Boy of Ruin - K.V. Rose Page 0,157

“This isn’t fucking about him. It’s about you, and your family, and what they did to me. What they fucking did to me.” She’s breaking apart in my arms, for the first time. I’ve never seen her like this.

Never seen her cry, not like this. Even at Maverick’s, it wasn’t like this.

It’s a full body sob that rips through her, her shoulders shaking as she beats her head against my chest, over and over, hurting me. Her.

“They fucking ruined me, Lucifer, they fucking ruined me!” Her nails dig into my skin and she buries her face in my chest, her hot tears trailing down my chest. “They fucking ruined me. My body,” she convulses against me, a scream tearing through her throat. “My fucking mind. They ruined me for you. For anyone.”

I still can’t breathe. I can’t speak.

I wrap my arms around her back as she falls apart.

“They took everything from me. They took it all.” Her nails are digging deeper into my skin, those tears flowing freer. “They took it from him too,” she whimpers. Then she picks her head up, looking at me with watery and red eyes. “You did too,” she chokes out even as I hold her closer, our bodies flush together. “You let him rot there. How could you do that to him? How could you…” She closes her eyes tight, her lips pressed together as she tries to breathe.

I don’t know what to do.

How to feel.

What to say.

I imagine him in that cage.

She opens her eyes. “How could you let that happen? I thought you were…I thought you were my fucking devil, come to light the way to hell. I thought it was…us. Against the fucking world. But you don’t play fair with me. You’re not beside me. Is it because I’m…broken? Is it because you hate me? Is it because you think I’m disgusting and—”

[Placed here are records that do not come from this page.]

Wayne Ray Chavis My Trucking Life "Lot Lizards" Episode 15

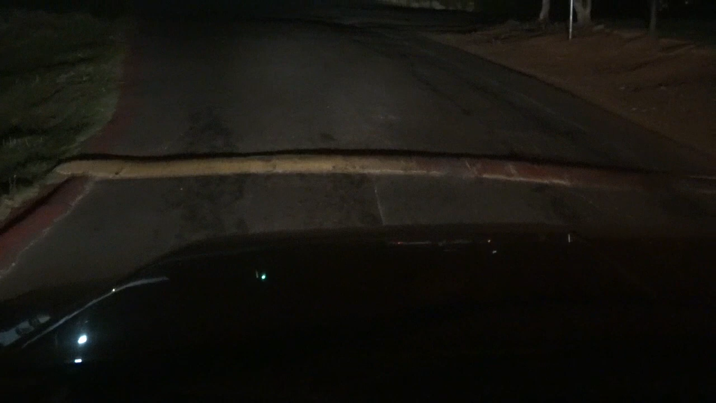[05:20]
I want y'all to take a look at the size of these speed bumps. They are 6-inch speed bumps. It's crazy. Now, a 6-inch speed bump
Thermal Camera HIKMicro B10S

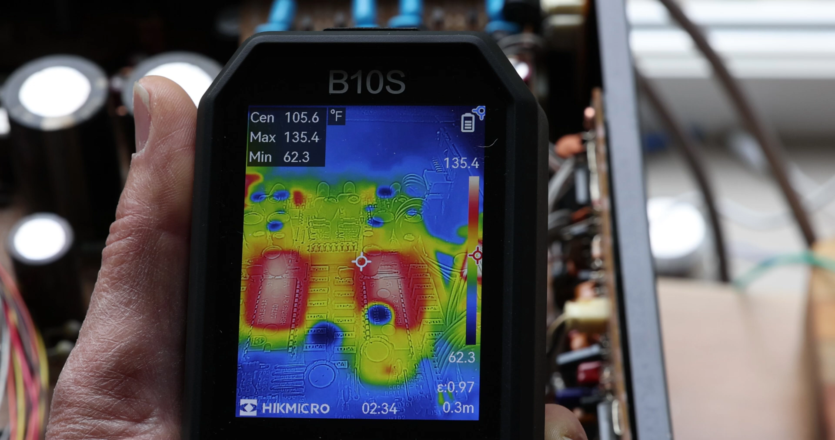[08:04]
Like if you're not fussy, you don't need like a fraction of a degree. Don't worry about too much. It's still going to read properly. It's just if you want like that super accuracy, then you would want it set up to the exact or close enough distance. So the way the settings work is to enter the settings. You just press the power button briefly. And you get the settings in there. And now you can actually change things.
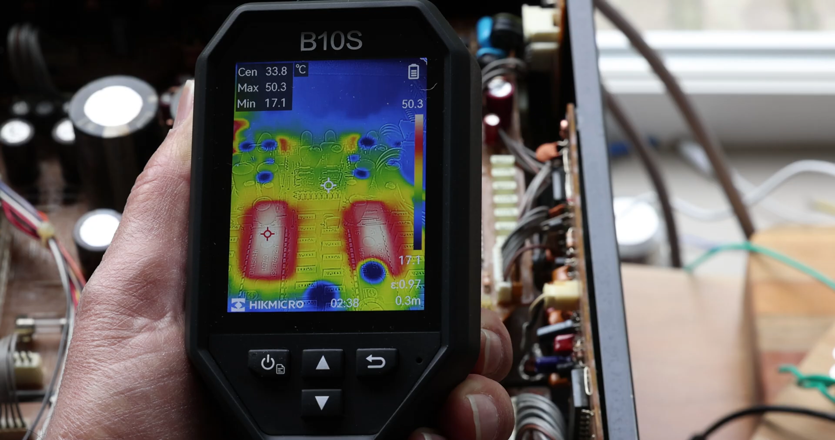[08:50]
So you can see now we changed to Celsius. There's so many settings you can do. Just press the enter again. And you can go into albums.
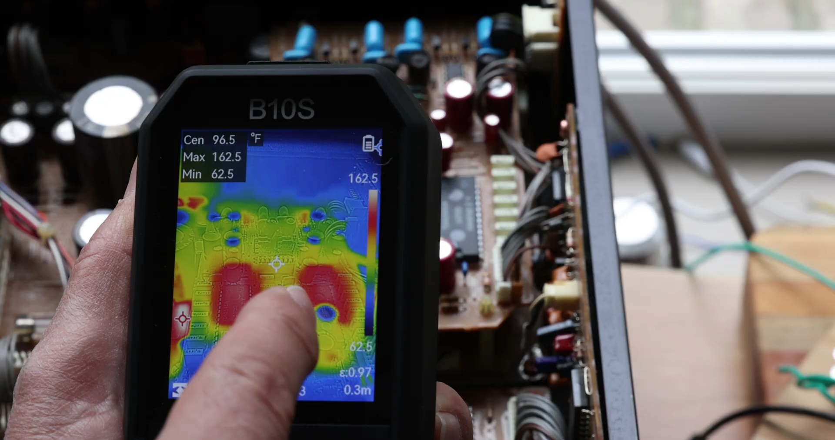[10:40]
On screen: max 162.5°F, min 62.5°F
That you don't assume that your chips are running at this temperature. Because it's center in here. There's a very hot one here. Just make sure you take that out of the picture. And now you're going to get your center.
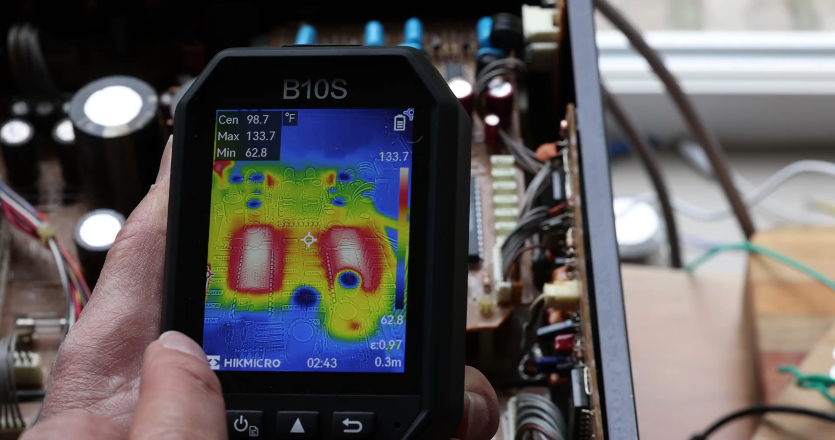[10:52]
On screen: max 133.7°F, min 62.8°F
And actually it's going to move to those. It's actually detecting something on the other side. There we go. So now as we moved it around. It's going to basically go back and revert to the chips. And telling us that these guys are at 122. So this is our hottest point.
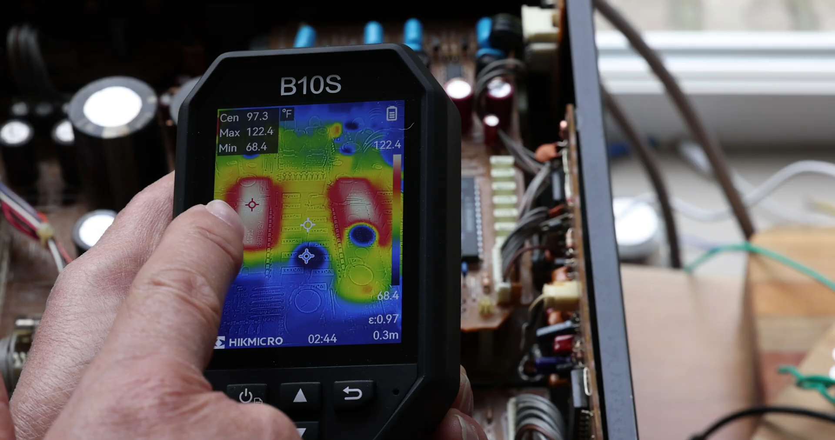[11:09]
On screen: spot 97.3°F, max 122.4°F, min 68.4°F
This is the center. And this is the coldest point. And you get all your readings. From time to time it will do a little calibrating. That's normal. That's part of the way the system works.
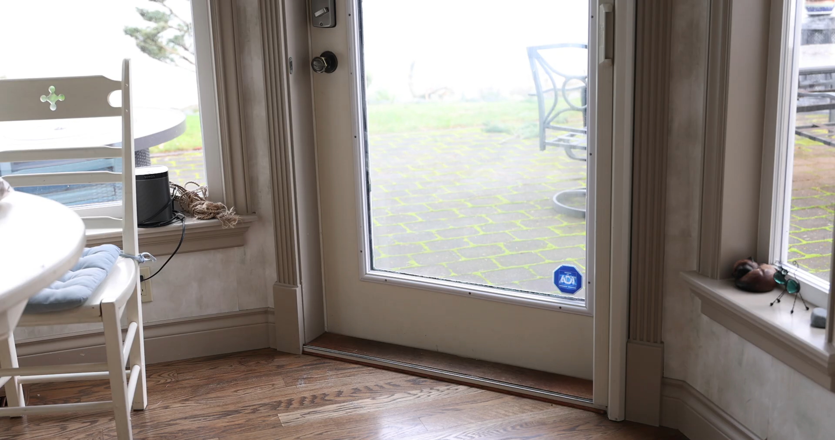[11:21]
Checking electronics is not the only thing here. You can also check your building. If you have any air leaks through doors and windows. For example you can use.
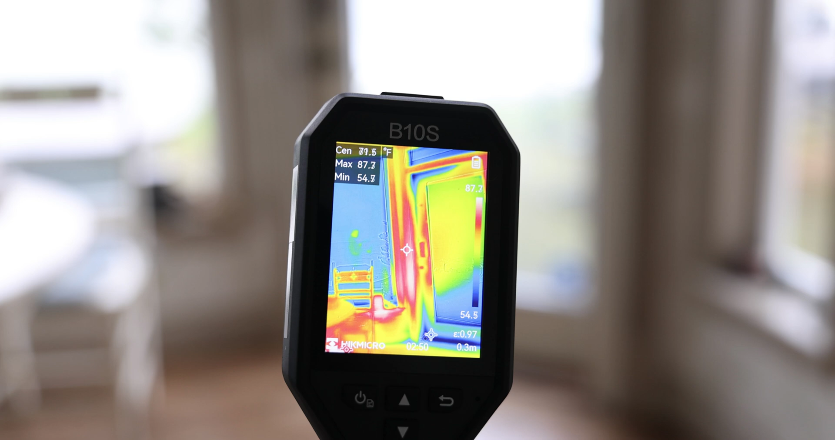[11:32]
You can see here that. As we get closer on the bottom here. You can see that the door is leaking. A bit of air on the bottom. And from the seal is not that great. And that's the blue area. And the rest is a little bit warmer. Because these are the building warm walls.
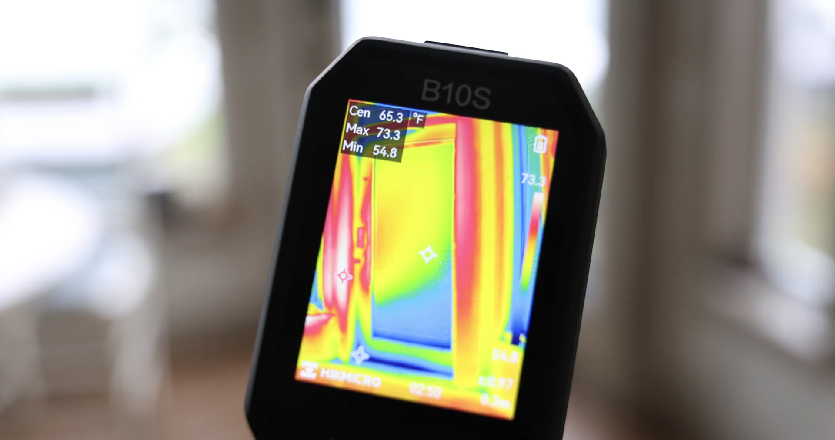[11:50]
On screen: spot 65.3°F
For example. You can even check the ceilings. And see what's happening there. And we can see here.
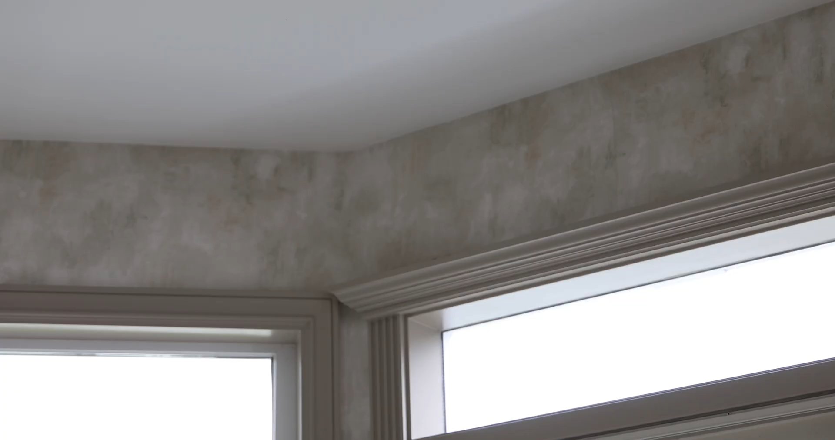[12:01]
And you can see here. Just in the corner. The little bit bluer area. That doesn't mean it's leaking.
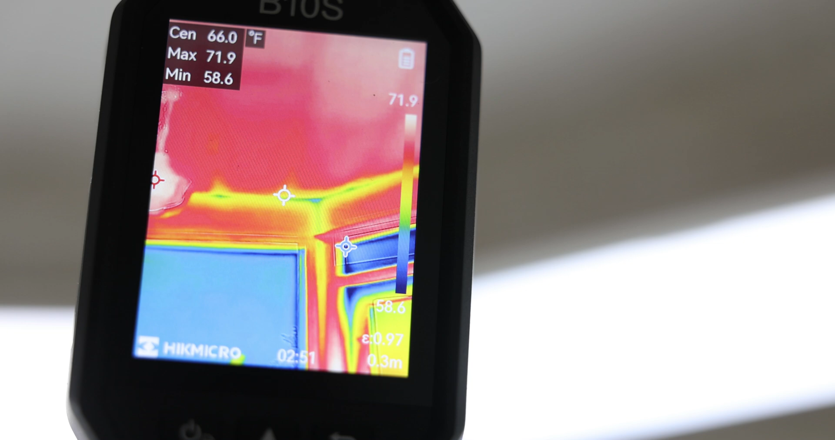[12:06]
On screen: spot 66.0°F
It's just a little bit cooler. But if you have a big leak. It's going to show a big area of blue there.
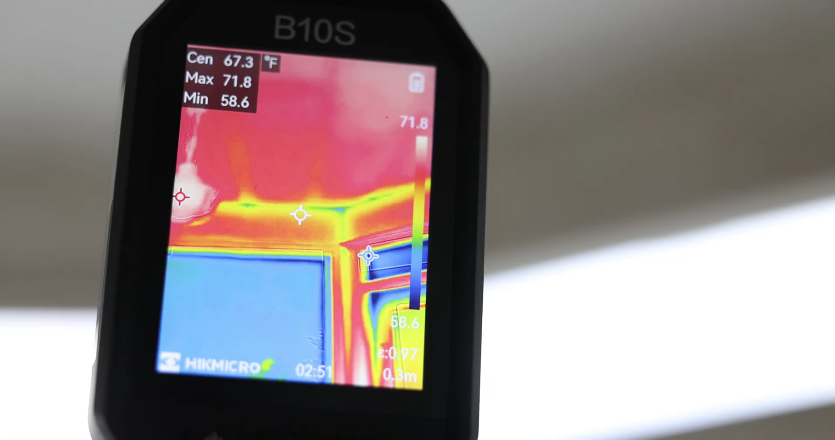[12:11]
On screen: max 71.8°F, min 58.6°F
And that's why. Now if you notice the windows are cold. So they are looking blue. Because that's actually their cooler temperature. And this gives you an idea.
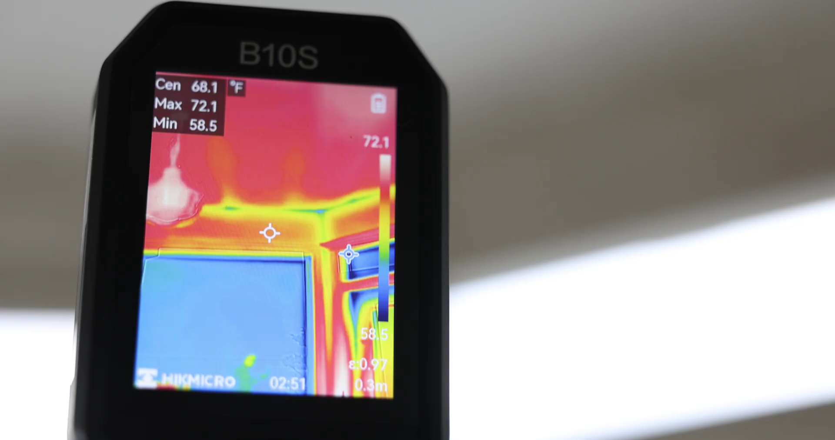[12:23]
On screen: spot 68.1°F, max 72.1°F, min 58.5°F
You can even check your flooring. To see where the vents are.
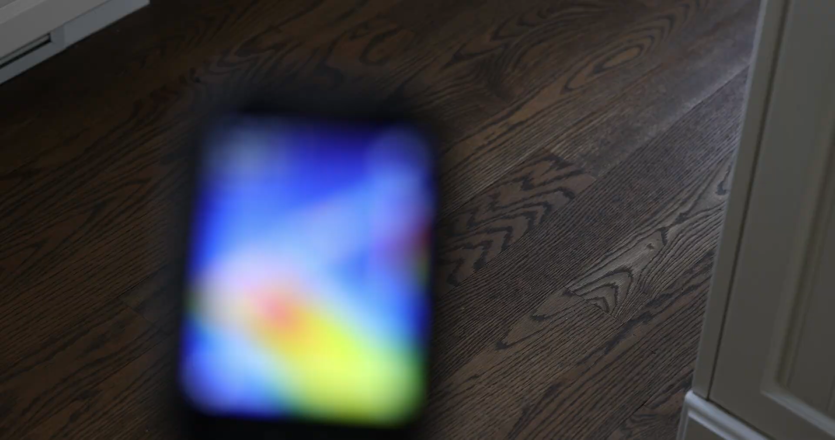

I grip her chin in my hand, jerk her head up as I bow my head over her, our lips brushing. “I don’t think that. I’ve never fucking thought that.”

“How could you let those things happen to him? When all that shit was happening to me, you were letting it happen to him!” She slaps her hand against my chest, crying all over again.

But I think about it. About Pammie. About her touching me. Grinding against me. Her mouth on me, her words.

I think about how she went through that. Lilith. When she was far younger than I was, and for years afterward. Different men, different families. Different people that were supposed to care for her and love her and protect her and all they did was break her. Hurt her. Abuse her.

How many times did she want to die?

How many times did she hate herself?

How deep did that self-loathing go, infecting her veins? Poisoning her mind? Her fucking soul?

And him…

I want to hate her for loving him. For bringing him up.

My half-brother.

I want to hate her so much.

“Tell me why you did it. Why you left him there. How could you fucking do that to him?”

“Sit down.”

My father’s cold words send a chill down my spine, but I haven’t done anything wrong in a long, long time—I can still feel his fist against my face from the last time I did—so I sit down with ease, running my palms over my sweats.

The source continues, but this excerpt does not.